:: RECORDS SHOWN

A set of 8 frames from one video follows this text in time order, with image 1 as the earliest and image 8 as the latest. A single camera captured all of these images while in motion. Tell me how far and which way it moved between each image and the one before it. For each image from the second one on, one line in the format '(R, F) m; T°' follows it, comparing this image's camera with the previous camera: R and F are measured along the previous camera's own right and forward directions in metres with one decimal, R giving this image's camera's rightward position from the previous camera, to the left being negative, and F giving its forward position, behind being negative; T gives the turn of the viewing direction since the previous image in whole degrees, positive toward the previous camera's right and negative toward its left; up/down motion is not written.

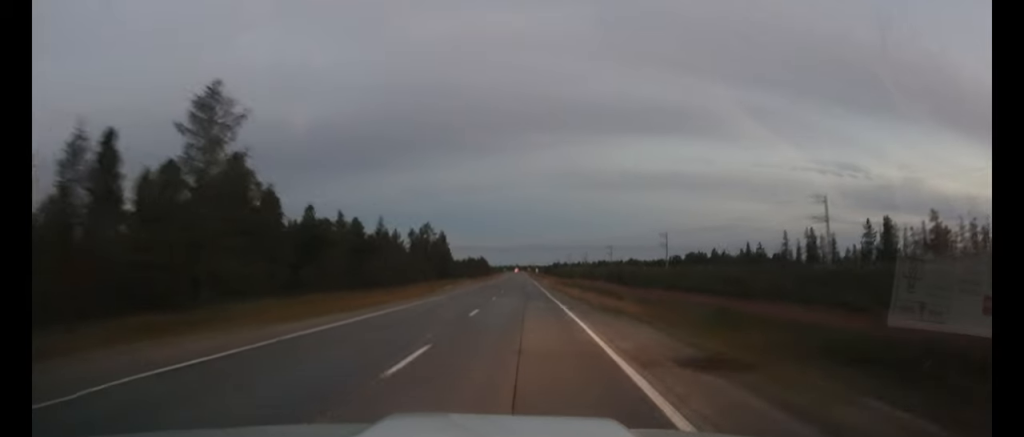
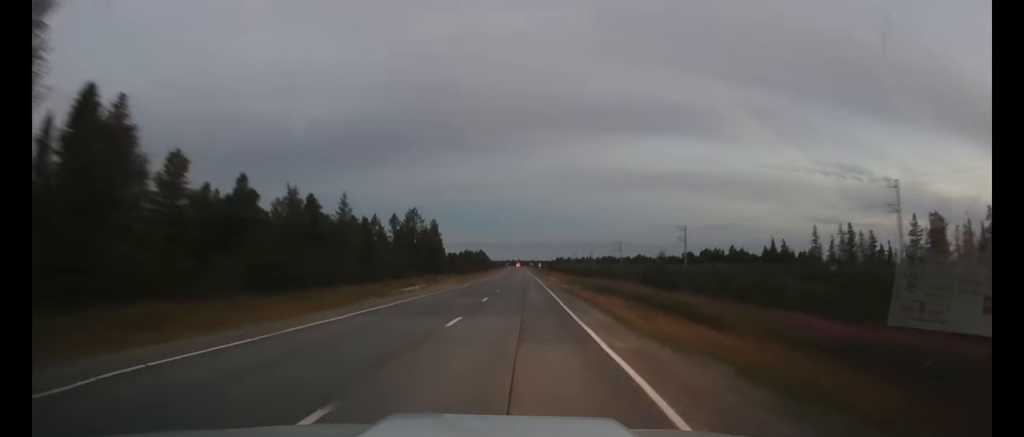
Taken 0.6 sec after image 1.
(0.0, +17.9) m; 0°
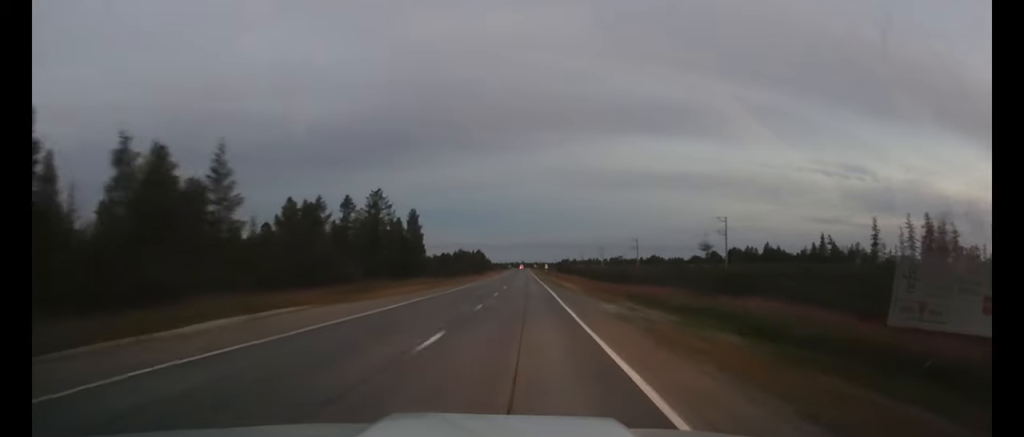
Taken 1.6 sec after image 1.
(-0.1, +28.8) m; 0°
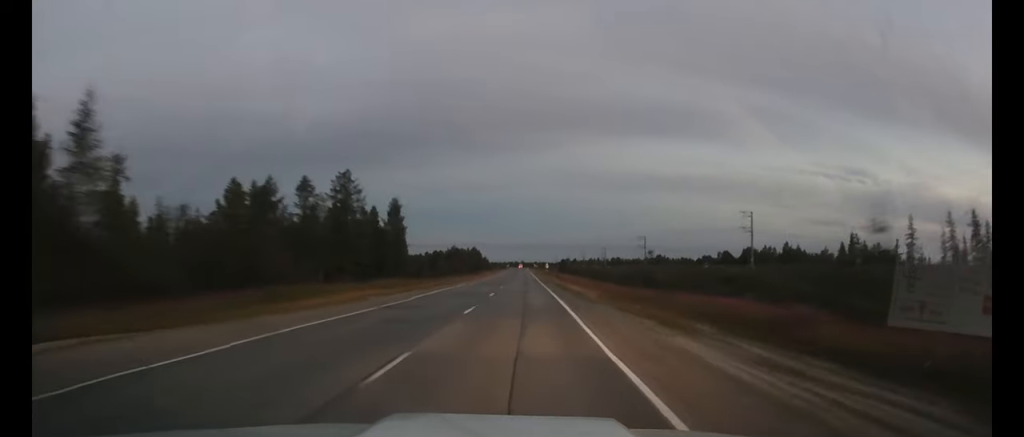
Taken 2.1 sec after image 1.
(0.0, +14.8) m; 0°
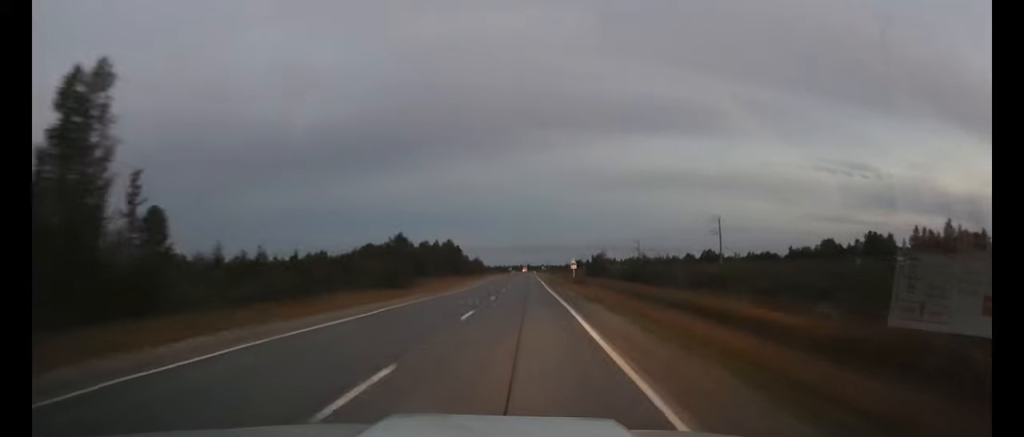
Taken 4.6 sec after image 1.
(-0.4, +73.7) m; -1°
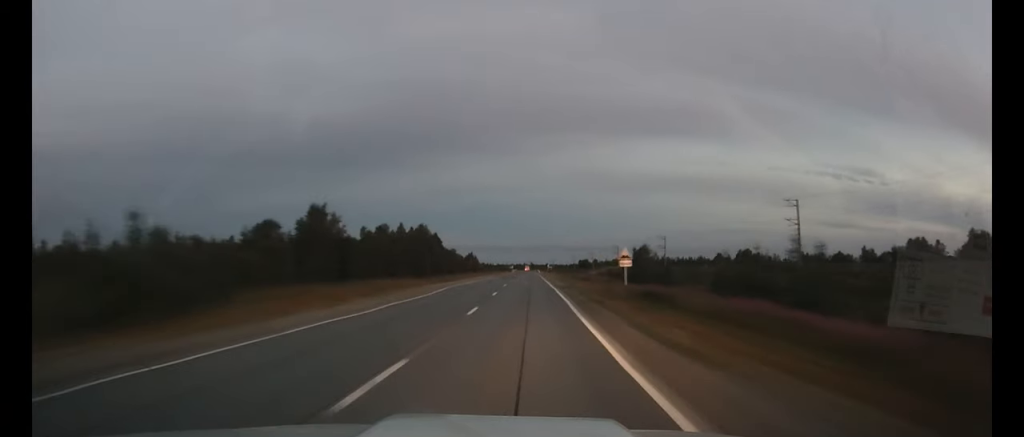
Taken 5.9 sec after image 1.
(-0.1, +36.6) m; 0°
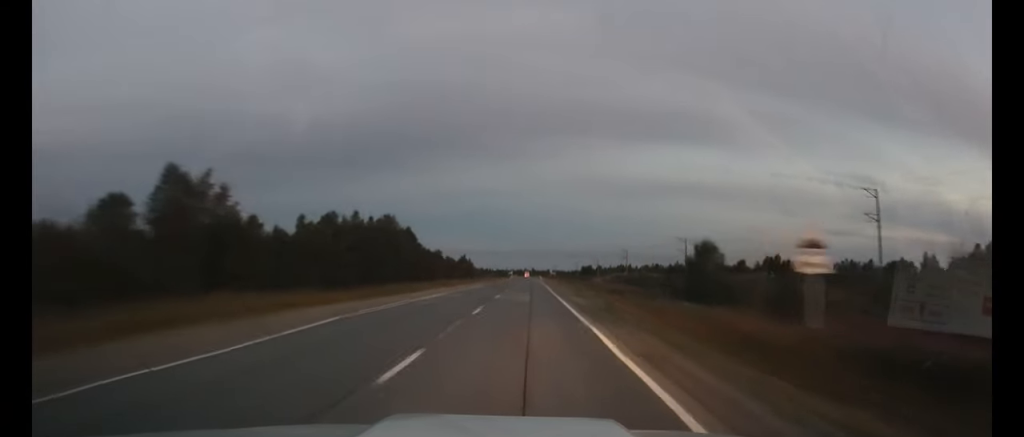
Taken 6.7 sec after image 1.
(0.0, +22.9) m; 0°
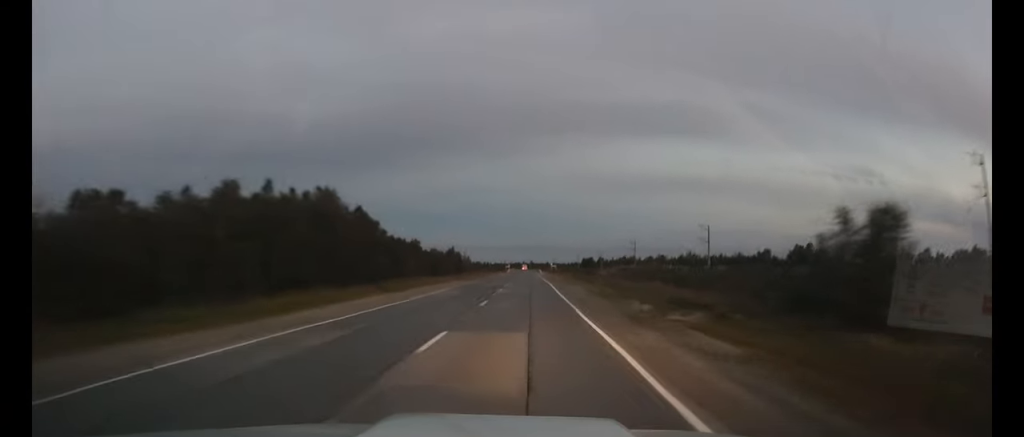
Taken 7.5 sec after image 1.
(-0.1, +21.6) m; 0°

::::
:: RECORDS SHOWN

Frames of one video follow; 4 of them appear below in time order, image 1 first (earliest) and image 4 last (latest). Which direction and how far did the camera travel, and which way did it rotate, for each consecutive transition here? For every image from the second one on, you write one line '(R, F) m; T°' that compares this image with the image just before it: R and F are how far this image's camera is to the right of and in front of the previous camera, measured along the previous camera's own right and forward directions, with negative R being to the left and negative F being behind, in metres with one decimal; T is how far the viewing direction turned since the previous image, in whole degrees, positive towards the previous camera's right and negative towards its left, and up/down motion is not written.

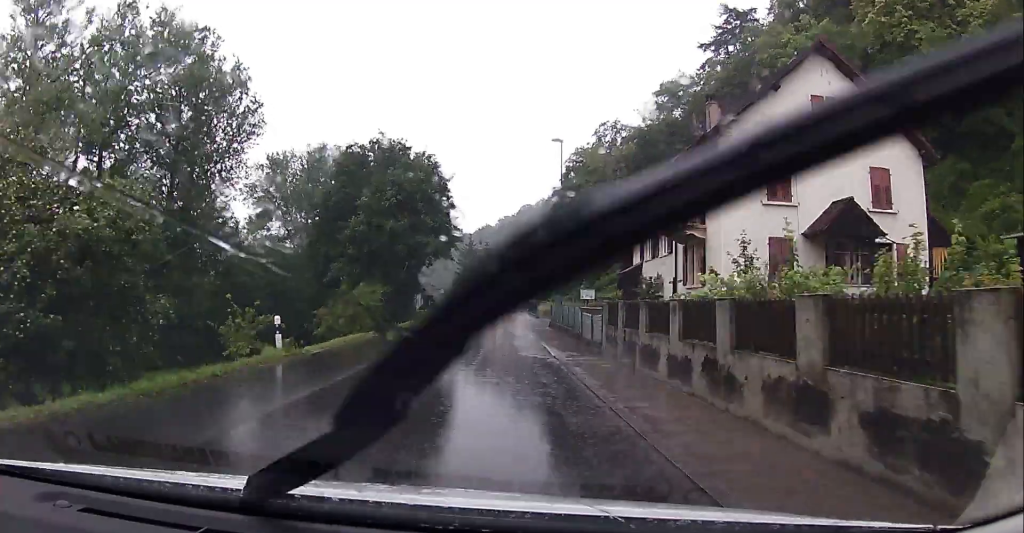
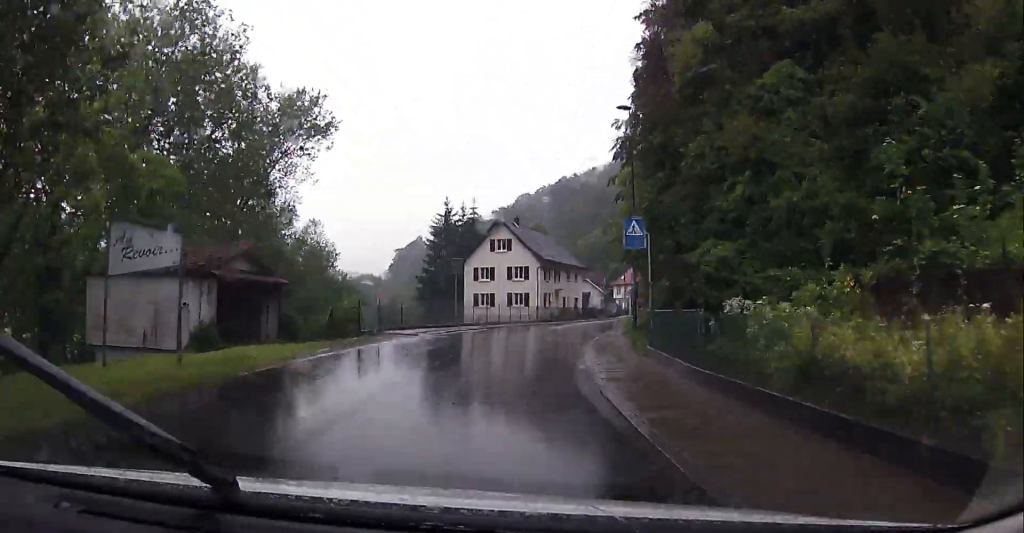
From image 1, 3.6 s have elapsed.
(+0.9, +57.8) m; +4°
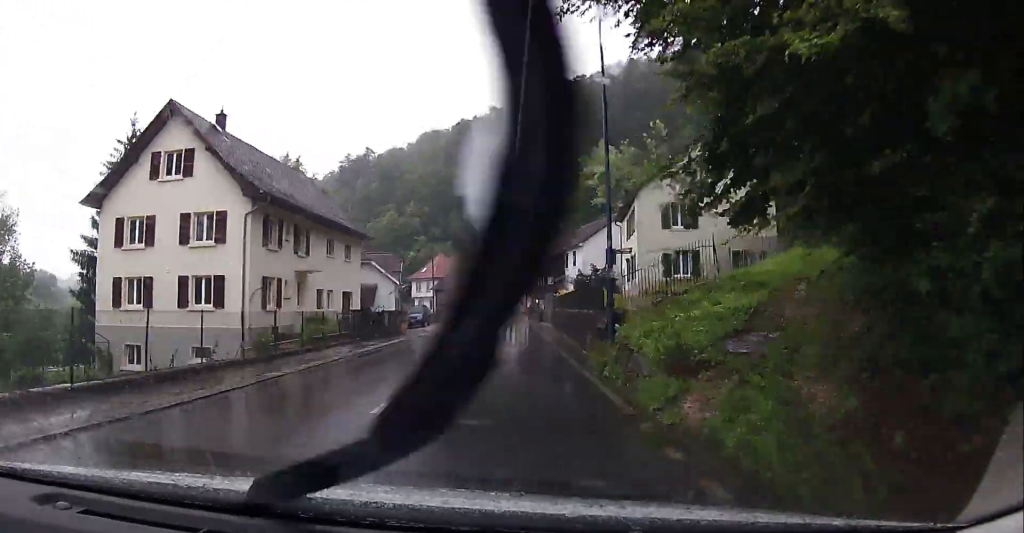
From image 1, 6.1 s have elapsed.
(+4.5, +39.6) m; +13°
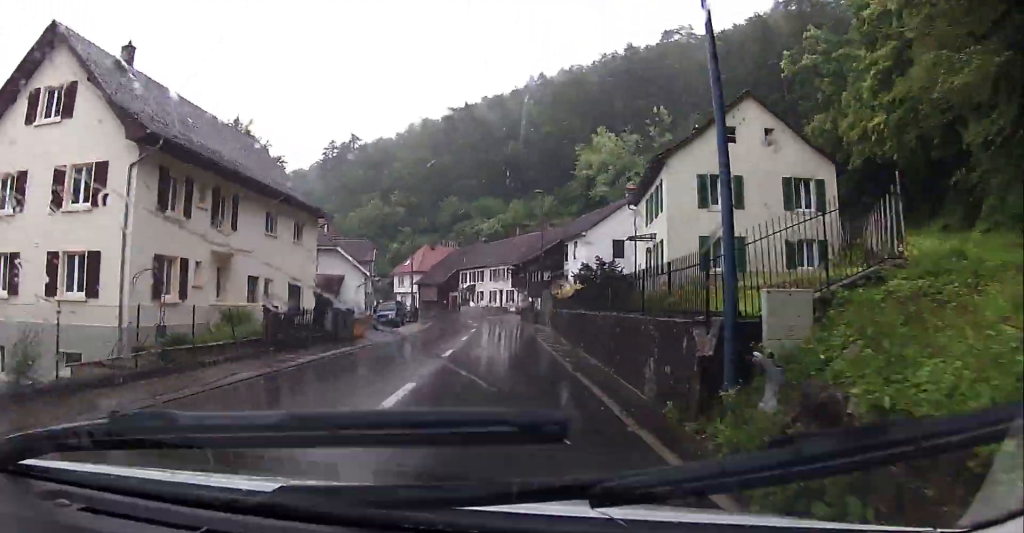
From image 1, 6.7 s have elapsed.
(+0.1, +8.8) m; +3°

::::

## TASK
From the material above, copy out every line bearing the string "left".

## WRITTEN ANSWER
A set of 8 frames from one video follows this text in time order, with image 1 as the earliest and image 8 as the latest. A single camera captured all of these images while in motion. Tell me how far and which way it moved between each image and the one before it. For each image from the second one on, one line in the format '(R, F) m; T°' follows it, comparing this image's camera with the previous camera: R and F are measured along the previous camera's own right and forward directions in metres with one decimal, R giving this image's camera's rightward position from the previous camera, to the left being negative, and F giving its forward position, behind being negative; T gives the turn of the viewing direction since the previous image in whole degrees, positive toward the previous camera's right and negative toward its left; up/down motion is not written.
Frames of one video follow; 4 of them appear below in time order, image 1 first (earliest) and image 4 last (latest). Which direction and how far did the camera travel, and which way did it rotate, for each consecutive transition here? For every image from the second one on, you write one line '(R, F) m; T°' that compares this image with the image just before it: R and F are how far this image's camera is to the right of and in front of the previous camera, measured along the previous camera's own right and forward directions, with negative R being to the left and negative F being behind, in metres with one decimal; T is how far the viewing direction turned since the previous image, in whole degrees, positive towards the previous camera's right and negative towards its left, and up/down motion is not written.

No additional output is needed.